跟着51题库考试学习网来看成为ACCA会员的必要条件有哪些吧!
发布时间:2020-02-18
小伙伴们,你们知道想要成为ACCA会员需要满足哪些必要条件吗?今天51题库考试学习网就来给大家普及一下。关注51题库考试学习网可以及时了解更多考试相关资讯!
根据2007年1月1日开始实行的新大纲,成为ACCA会员的必要条件是要完成“三个E”,具体包括:
1. 通过ACCA专业资格大纲13门课程的考试;
2. 至少三年的相关工作经验;
3. 完成在线职业操守训练课程的学习和测试。
对在2007年1月1日之前注册的学员,完成在线职业操守训练课程不作为申请会员的必要条件,但ACCA鼓励学员完成这一课程。
道德测试 ACCA开发了道德测试模块,以检验学员职业操守的价值观和行为。ACCA鼓励学员在报考课程战略阶段课程时就开始在网上学习。学员可以自己灵活掌握学习时间,但是必须在申请会员之前完成课程的学习。
实践经验要求:
1. 具备工作经验是成为会员的一个非常重要的条件。在参加ACCA考试之前、考试期间、考试完成之后取得的工作经验ACCA都认可。

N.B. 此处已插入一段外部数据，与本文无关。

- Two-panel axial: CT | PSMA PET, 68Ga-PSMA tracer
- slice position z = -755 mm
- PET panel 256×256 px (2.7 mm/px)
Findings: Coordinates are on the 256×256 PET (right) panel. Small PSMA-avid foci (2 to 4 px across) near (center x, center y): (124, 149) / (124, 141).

2. 成为ACCA会员必须具备相关的专业知识和能力,必须在职业道德、公司治理、绩效管理、沟通交流、财务报告、财务管理、审计、税务等方面达到相应的水平。
3. ACCA新大纲制定了20项有实践经验要求的绩效考核指标,要成为会员必须达到13项,其中9项是必须达到的关键要素,剩余4项从11个可选项中选择。
取得ACCA证书后的就业优势:
1、ACCA会员资格在国际上得到广泛认可,尤其得到欧盟立法以及许多国家公司法的承认。所以,拥有ACCA会员资格,就拥有了在世界各地就业的"通行证"。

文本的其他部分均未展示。